__WORK INSTRUCTIONS__
Check each line of the records below for the word "sind" and copy those where it appears.

Saved data entries:

----

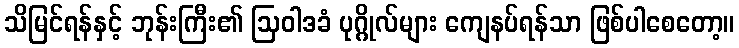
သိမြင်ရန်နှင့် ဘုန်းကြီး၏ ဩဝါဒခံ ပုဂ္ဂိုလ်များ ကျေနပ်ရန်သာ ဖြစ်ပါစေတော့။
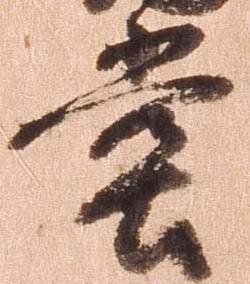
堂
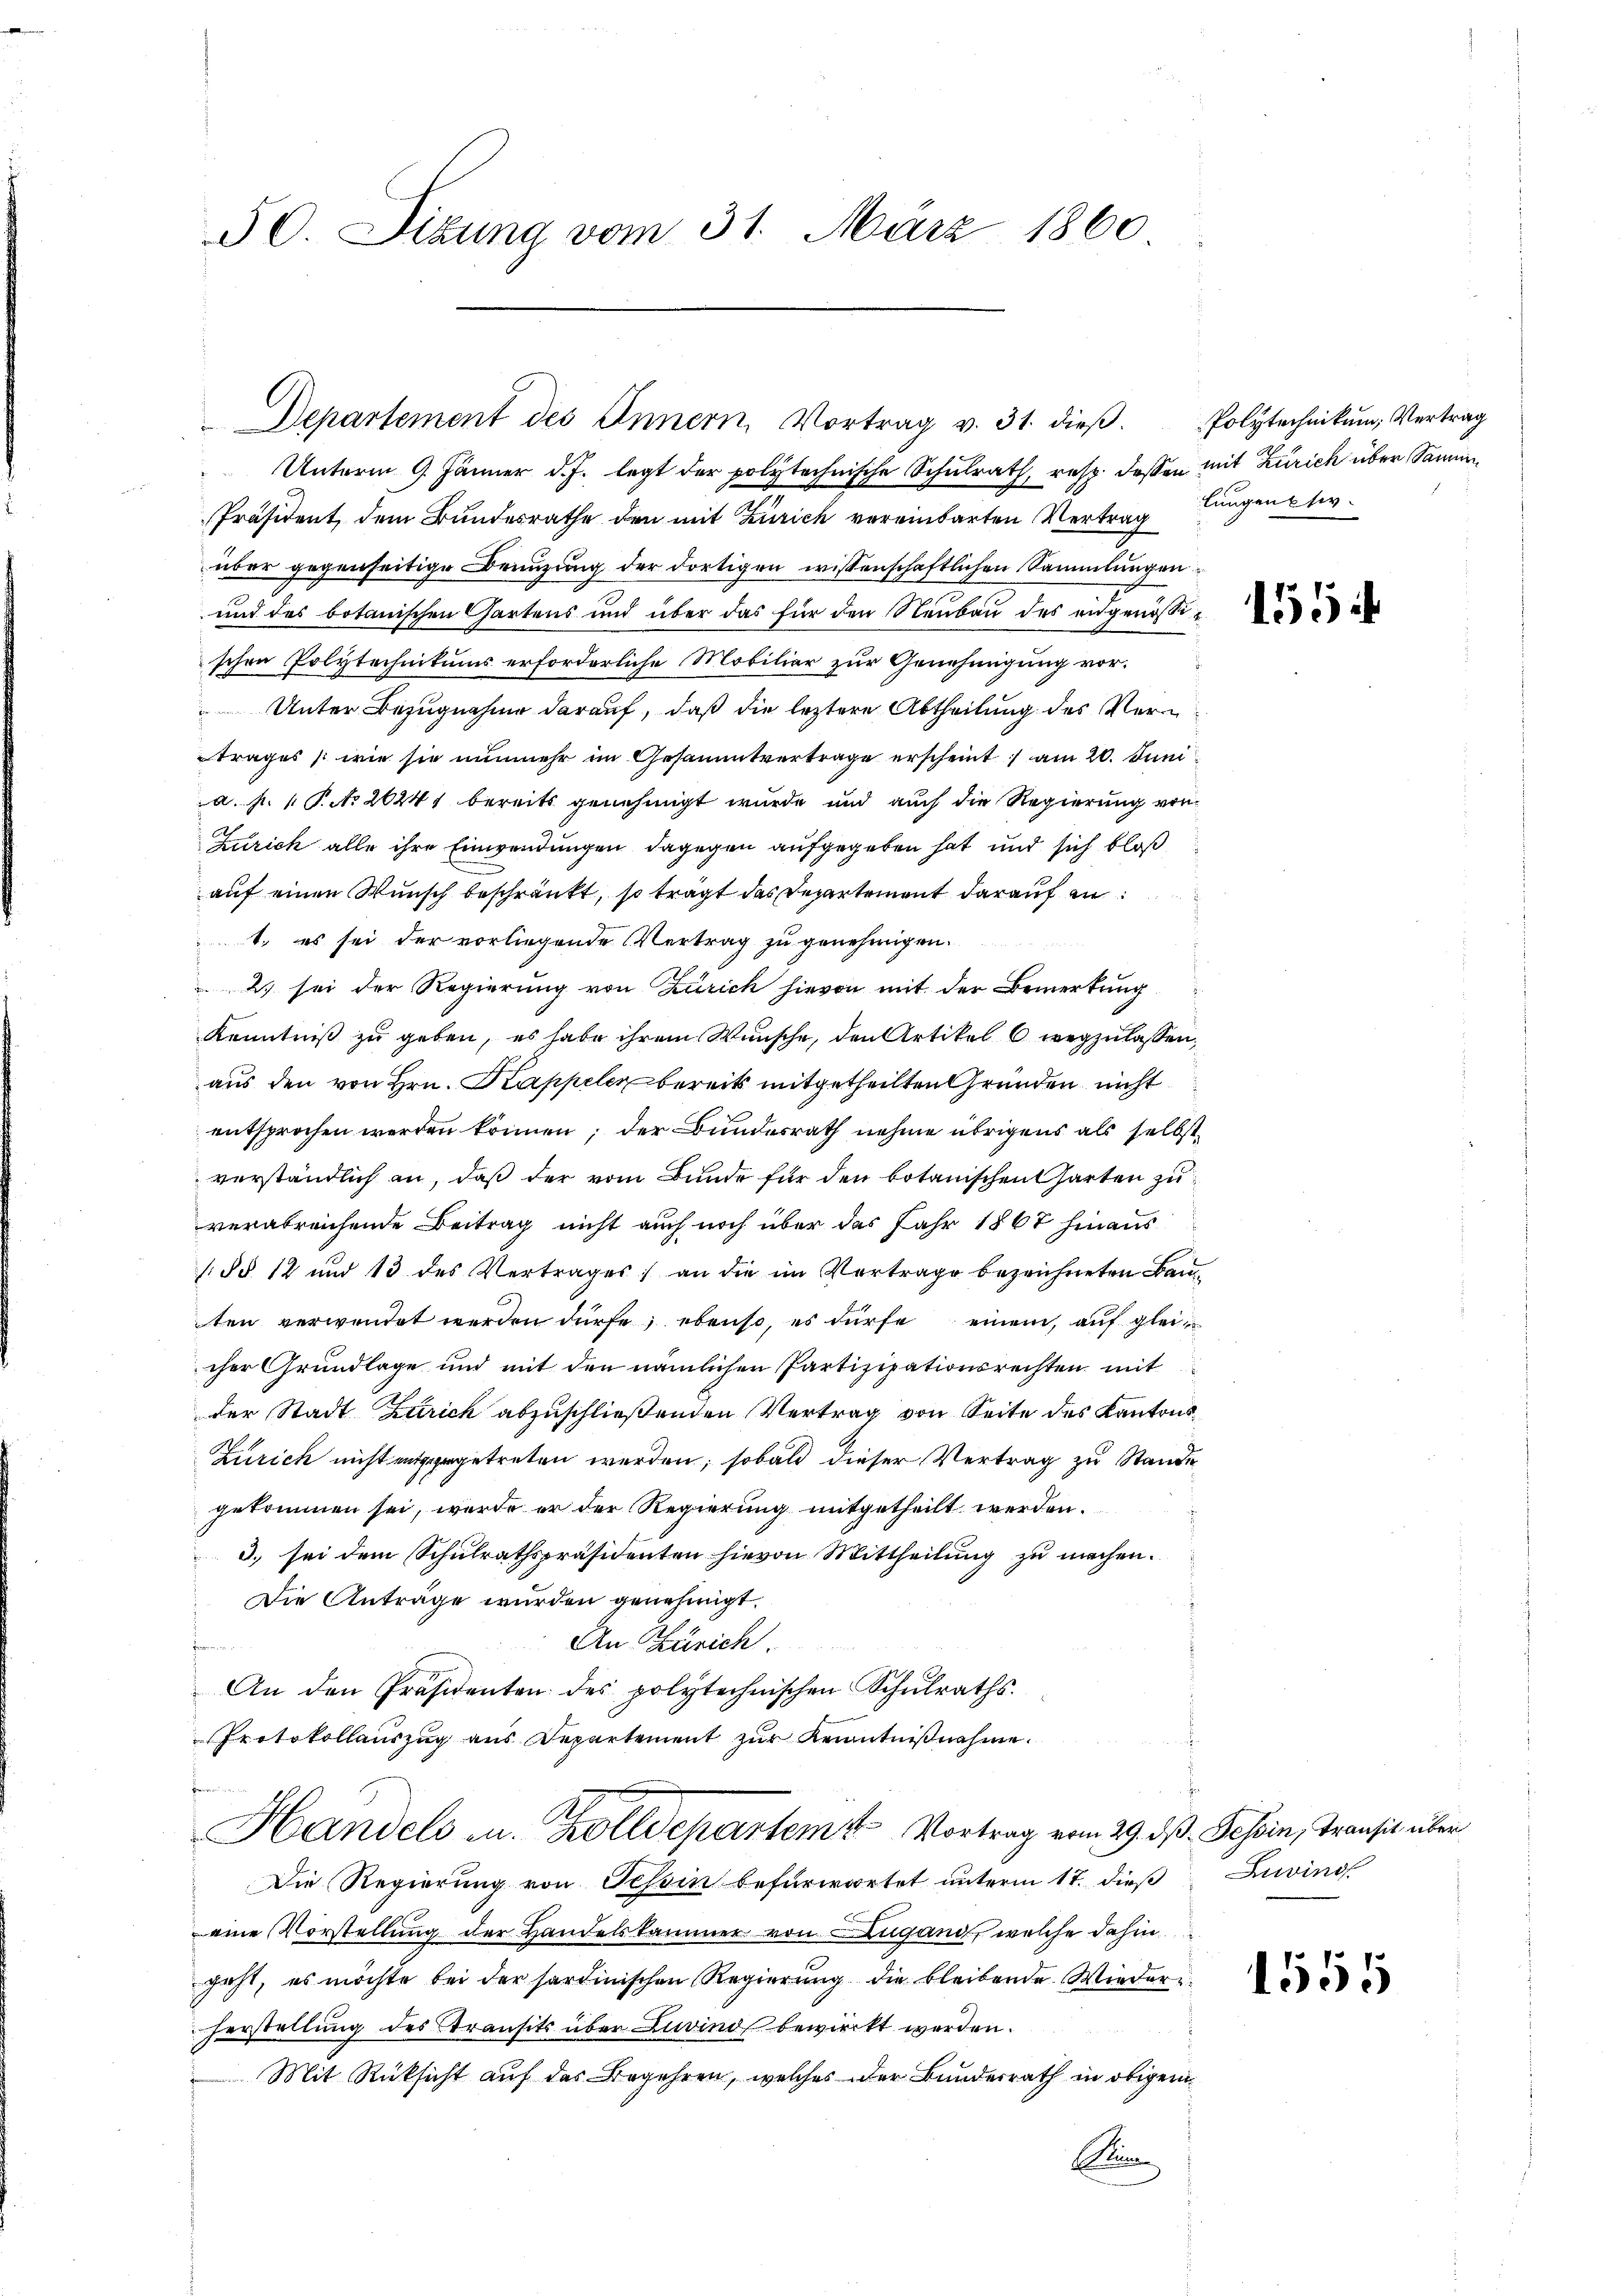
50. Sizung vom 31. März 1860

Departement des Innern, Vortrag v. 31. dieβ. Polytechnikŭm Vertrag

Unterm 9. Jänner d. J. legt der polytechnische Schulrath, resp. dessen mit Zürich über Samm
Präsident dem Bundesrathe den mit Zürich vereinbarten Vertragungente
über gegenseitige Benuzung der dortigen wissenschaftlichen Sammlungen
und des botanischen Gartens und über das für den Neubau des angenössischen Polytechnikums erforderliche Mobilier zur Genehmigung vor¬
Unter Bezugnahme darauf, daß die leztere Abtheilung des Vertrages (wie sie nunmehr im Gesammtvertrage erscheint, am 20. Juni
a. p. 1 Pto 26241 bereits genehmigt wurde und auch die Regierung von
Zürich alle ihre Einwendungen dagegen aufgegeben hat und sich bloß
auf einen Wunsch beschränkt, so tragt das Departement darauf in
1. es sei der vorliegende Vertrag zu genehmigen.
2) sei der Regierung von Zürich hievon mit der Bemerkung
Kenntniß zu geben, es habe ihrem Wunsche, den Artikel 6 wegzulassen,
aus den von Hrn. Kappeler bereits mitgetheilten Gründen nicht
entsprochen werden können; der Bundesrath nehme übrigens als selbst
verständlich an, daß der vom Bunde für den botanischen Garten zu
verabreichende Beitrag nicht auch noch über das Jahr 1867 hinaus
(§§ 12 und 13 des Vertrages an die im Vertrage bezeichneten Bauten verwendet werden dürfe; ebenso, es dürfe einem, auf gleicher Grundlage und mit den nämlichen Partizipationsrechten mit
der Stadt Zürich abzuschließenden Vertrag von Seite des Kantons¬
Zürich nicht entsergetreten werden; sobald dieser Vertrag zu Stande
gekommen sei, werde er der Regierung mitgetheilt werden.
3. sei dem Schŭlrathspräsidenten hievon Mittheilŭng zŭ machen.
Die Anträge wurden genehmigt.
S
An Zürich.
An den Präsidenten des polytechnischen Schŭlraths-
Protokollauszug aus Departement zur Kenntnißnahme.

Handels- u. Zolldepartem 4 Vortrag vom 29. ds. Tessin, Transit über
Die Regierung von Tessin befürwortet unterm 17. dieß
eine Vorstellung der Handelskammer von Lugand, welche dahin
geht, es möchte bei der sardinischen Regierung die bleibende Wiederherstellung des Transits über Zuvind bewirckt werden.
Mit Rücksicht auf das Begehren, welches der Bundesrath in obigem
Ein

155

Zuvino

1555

----

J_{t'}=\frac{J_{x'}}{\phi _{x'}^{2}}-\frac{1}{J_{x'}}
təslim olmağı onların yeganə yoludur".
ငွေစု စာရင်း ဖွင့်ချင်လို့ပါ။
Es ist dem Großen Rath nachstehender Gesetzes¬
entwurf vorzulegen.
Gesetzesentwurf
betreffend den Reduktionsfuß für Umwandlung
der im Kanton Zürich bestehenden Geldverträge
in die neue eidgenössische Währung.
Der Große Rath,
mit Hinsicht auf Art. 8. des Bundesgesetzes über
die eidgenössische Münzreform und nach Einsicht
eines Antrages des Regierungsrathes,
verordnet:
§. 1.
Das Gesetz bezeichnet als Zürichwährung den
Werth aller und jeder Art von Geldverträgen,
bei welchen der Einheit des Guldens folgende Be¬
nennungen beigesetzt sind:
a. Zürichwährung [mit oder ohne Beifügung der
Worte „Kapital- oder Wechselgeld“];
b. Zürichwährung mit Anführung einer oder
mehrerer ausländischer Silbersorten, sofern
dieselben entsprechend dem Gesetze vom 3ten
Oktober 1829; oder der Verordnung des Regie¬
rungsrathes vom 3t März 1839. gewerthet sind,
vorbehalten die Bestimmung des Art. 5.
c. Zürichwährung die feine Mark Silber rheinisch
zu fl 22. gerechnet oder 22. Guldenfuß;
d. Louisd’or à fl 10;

----

__YOUR RESPONSE__
nennungen beigesetzt sind:
rungsrathes vom 3t März 1839. gewerthet sind,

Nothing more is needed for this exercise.